BEGIN Records for this task

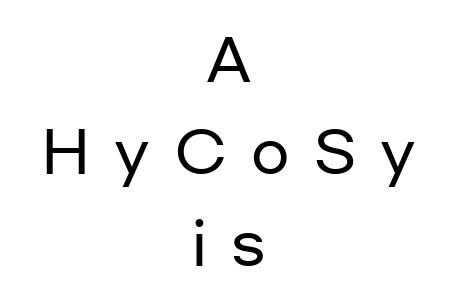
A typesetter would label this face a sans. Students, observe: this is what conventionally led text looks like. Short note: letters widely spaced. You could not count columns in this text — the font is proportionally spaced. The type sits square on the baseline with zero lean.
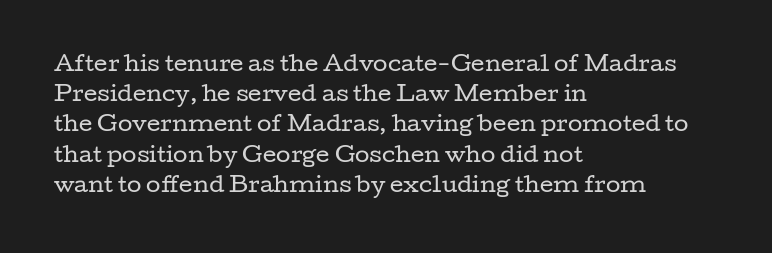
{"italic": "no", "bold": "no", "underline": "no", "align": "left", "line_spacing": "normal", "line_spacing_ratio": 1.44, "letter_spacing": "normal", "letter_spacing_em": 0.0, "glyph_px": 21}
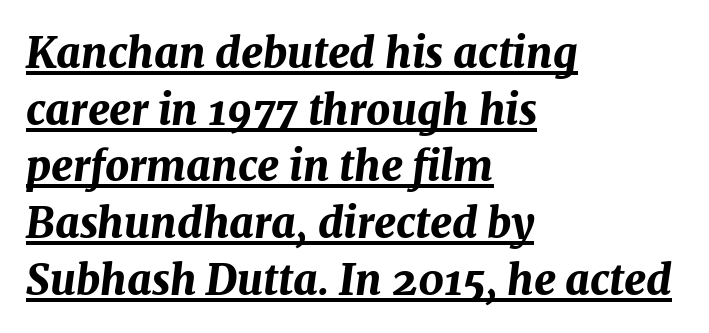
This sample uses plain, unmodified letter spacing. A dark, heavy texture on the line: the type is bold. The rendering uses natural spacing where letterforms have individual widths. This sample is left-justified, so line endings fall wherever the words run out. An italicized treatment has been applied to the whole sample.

END Records for this task
BEGIN Records for this task

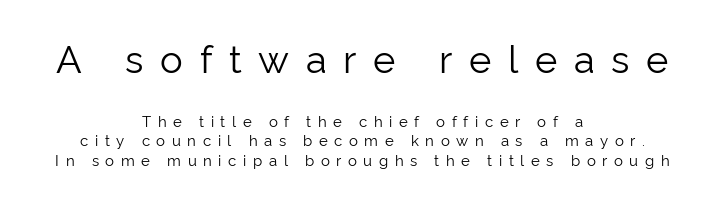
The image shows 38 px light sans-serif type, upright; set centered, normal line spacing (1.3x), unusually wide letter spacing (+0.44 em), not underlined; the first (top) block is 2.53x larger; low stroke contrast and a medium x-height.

END Records for this task

▶ **Try it**
A single number is the expected answer: how many lines of the records above contain the word "normal".

▶ **Written response**
2